Action item:
Although pictures appear in the records, the copy must leave them out and match everything else exactly.

Records for the task:
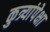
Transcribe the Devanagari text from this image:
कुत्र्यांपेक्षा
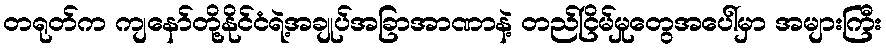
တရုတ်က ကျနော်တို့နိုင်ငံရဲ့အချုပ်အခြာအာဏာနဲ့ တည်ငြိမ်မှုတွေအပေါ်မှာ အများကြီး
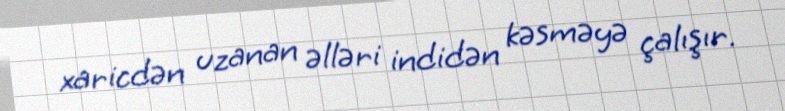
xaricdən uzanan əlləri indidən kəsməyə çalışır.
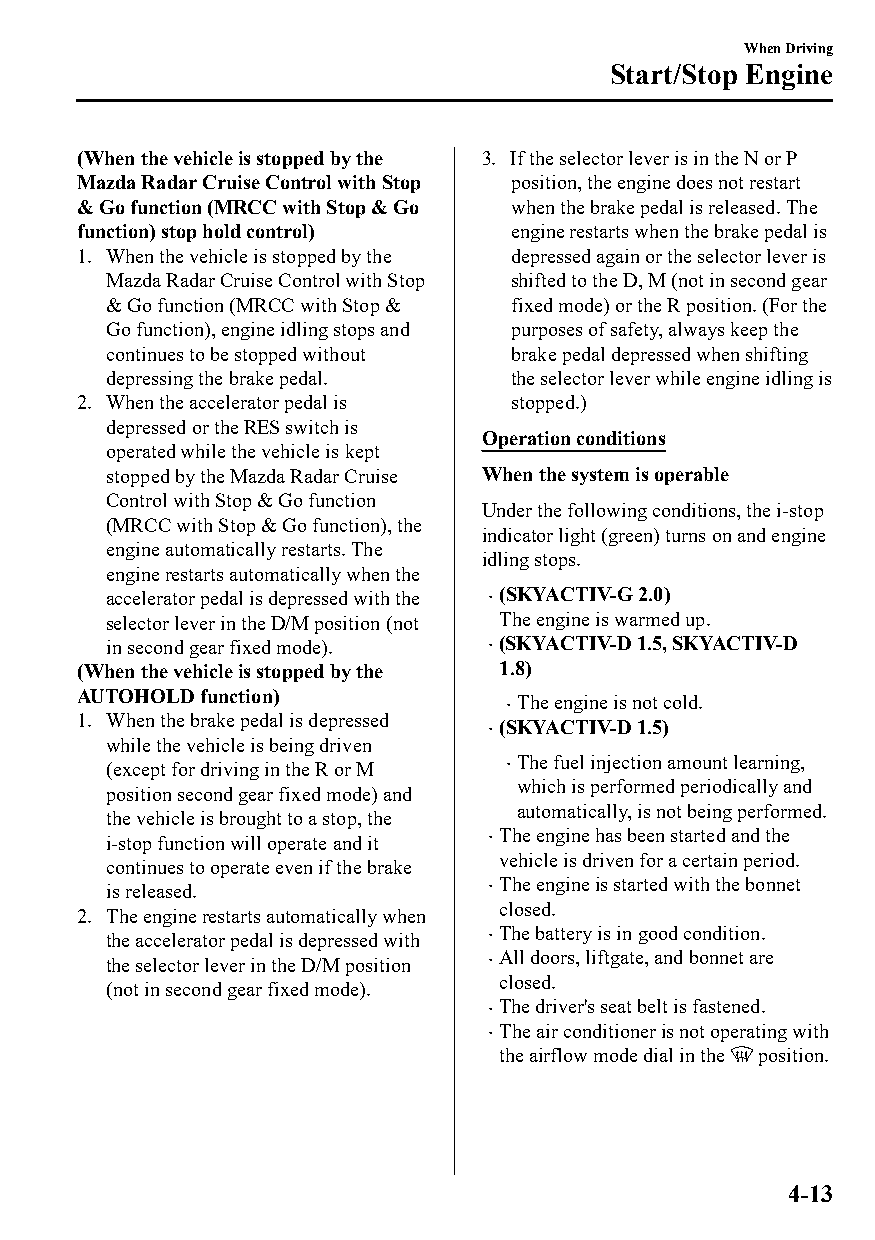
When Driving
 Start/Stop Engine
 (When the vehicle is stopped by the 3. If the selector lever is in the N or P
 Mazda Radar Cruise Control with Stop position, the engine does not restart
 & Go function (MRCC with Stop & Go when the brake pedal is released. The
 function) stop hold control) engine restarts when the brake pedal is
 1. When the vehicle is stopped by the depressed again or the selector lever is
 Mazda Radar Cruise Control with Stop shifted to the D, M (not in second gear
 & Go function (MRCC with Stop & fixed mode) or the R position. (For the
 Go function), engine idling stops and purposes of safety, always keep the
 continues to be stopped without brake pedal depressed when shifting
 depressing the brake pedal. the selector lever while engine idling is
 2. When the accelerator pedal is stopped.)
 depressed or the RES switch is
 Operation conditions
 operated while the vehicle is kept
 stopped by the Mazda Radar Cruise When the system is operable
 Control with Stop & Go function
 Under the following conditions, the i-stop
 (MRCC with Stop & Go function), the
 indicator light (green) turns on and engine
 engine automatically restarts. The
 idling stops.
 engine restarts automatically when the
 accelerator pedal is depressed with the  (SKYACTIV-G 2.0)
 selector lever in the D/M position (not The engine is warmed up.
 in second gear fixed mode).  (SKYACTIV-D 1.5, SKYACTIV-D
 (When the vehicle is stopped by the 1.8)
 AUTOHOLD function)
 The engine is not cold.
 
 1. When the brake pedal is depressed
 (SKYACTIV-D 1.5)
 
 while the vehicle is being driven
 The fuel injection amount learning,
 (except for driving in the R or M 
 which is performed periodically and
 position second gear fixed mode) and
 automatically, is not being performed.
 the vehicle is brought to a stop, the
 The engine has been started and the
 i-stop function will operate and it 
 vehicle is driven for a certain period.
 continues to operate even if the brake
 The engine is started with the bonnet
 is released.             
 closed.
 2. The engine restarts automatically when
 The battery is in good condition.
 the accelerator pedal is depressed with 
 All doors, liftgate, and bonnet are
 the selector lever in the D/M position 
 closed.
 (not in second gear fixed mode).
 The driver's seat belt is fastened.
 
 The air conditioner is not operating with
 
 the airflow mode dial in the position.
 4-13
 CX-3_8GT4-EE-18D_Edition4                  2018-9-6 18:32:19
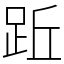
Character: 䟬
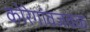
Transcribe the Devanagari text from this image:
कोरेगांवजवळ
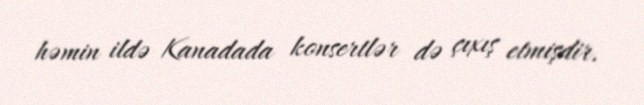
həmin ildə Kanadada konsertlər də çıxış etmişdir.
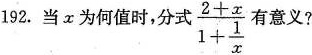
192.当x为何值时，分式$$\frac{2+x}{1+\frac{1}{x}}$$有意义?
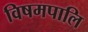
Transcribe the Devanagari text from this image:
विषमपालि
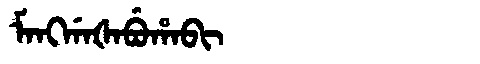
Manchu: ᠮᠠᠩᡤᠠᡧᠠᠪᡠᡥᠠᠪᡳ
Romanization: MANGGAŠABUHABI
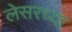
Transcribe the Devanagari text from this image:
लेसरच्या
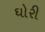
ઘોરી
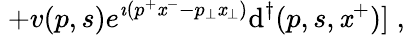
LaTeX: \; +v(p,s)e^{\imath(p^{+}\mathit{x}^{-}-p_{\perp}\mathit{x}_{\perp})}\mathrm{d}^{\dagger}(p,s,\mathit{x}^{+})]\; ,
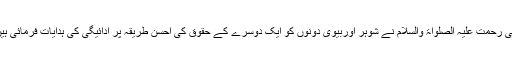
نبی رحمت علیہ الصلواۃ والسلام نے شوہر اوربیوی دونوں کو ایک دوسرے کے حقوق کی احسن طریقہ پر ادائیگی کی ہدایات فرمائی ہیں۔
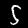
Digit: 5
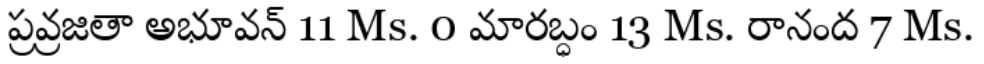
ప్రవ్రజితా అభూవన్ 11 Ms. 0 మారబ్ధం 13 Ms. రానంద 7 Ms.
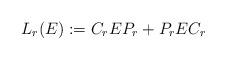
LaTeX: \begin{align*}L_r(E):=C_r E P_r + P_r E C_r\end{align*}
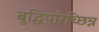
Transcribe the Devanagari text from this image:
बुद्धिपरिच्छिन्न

Response to the task:
Transcribe the Devanagari text from this image:
कुत्र्यांपेक्षा
တရုတ်က ကျနော်တို့နိုင်ငံရဲ့အချုပ်အခြာအာဏာနဲ့ တည်ငြိမ်မှုတွေအပေါ်မှာ အများကြီး
xaricdən uzanan əlləri indidən kəsməyə çalışır.
When Driving
 Start/Stop Engine
 (When the vehicle is stopped by the 3. If the selector lever is in the N or P
 Mazda Radar Cruise Control with Stop position, the engine does not restart
 & Go function (MRCC with Stop & Go when the brake pedal is released. The
 function) stop hold control) engine restarts when the brake pedal is
 1. When the vehicle is stopped by the depressed again or the selector lever is
 Mazda Radar Cruise Control with Stop shifted to the D, M (not in second gear
 & Go function (MRCC with Stop & fixed mode) or the R position. (For the
 Go function), engine idling stops and purposes of safety, always keep the
 continues to be stopped without brake pedal depressed when shifting
 depressing the brake pedal. the selector lever while engine idling is
 2. When the accelerator pedal is stopped.)
 depressed or the RES switch is
 Operation conditions
 operated while the vehicle is kept
 stopped by the Mazda Radar Cruise When the system is operable
 Control with Stop & Go function
 Under the following conditions, the i-stop
 (MRCC with Stop & Go function), the
 indicator light (green) turns on and engine
 engine automatically restarts. The
 idling stops.
 engine restarts automatically when the
 accelerator pedal is depressed with the  (SKYACTIV-G 2.0)
 selector lever in the D/M position (not The engine is warmed up.
 in second gear fixed mode).  (SKYACTIV-D 1.5, SKYACTIV-D
 (When the vehicle is stopped by the 1.8)
 AUTOHOLD function)
 The engine is not cold.
 
 1. When the brake pedal is depressed
 (SKYACTIV-D 1.5)
 
 while the vehicle is being driven
 The fuel injection amount learning,
 (except for driving in the R or M 
 which is performed periodically and
 position second gear fixed mode) and
 automatically, is not being performed.
 the vehicle is brought to a stop, the
 The engine has been started and the
 i-stop function will operate and it 
 vehicle is driven for a certain period.
 continues to operate even if the brake
 The engine is started with the bonnet
 is released.             
 closed.
 2. The engine restarts automatically when
 The battery is in good condition.
 the accelerator pedal is depressed with 
 All doors, liftgate, and bonnet are
 the selector lever in the D/M position 
 closed.
 (not in second gear fixed mode).
 The driver's seat belt is fastened.
 
 The air conditioner is not operating with
 
 the airflow mode dial in the position.
 4-13
 CX-3_8GT4-EE-18D_Edition4                  2018-9-6 18:32:19
Character: 䟬
Transcribe the Devanagari text from this image:
कोरेगांवजवळ
həmin ildə Kanadada konsertlər də çıxış etmişdir.
192.当x为何值时，分式$$\frac{2+x}{1+\frac{1}{x}}$$有意义?
Transcribe the Devanagari text from this image:
विषमपालि
Manchu: ᠮᠠᠩᡤᠠᡧᠠᠪᡠᡥᠠᠪᡳ
Romanization: MANGGAŠABUHABI
Transcribe the Devanagari text from this image:
लेसरच्या
ઘોરી
LaTeX: \; +v(p,s)e^{\imath(p^{+}\mathit{x}^{-}-p_{\perp}\mathit{x}_{\perp})}\mathrm{d}^{\dagger}(p,s,\mathit{x}^{+})]\; ,
نبی رحمت علیہ الصلواۃ والسلام نے شوہر اوربیوی دونوں کو ایک دوسرے کے حقوق کی احسن طریقہ پر ادائیگی کی ہدایات فرمائی ہیں۔
Digit: 5
ప్రవ్రజితా అభూవన్ 11 Ms. 0 మారబ్ధం 13 Ms. రానంద 7 Ms.
LaTeX: \begin{align*}L_r(E):=C_r E P_r + P_r E C_r\end{align*}
Transcribe the Devanagari text from this image:
बुद्धिपरिच्छिन्न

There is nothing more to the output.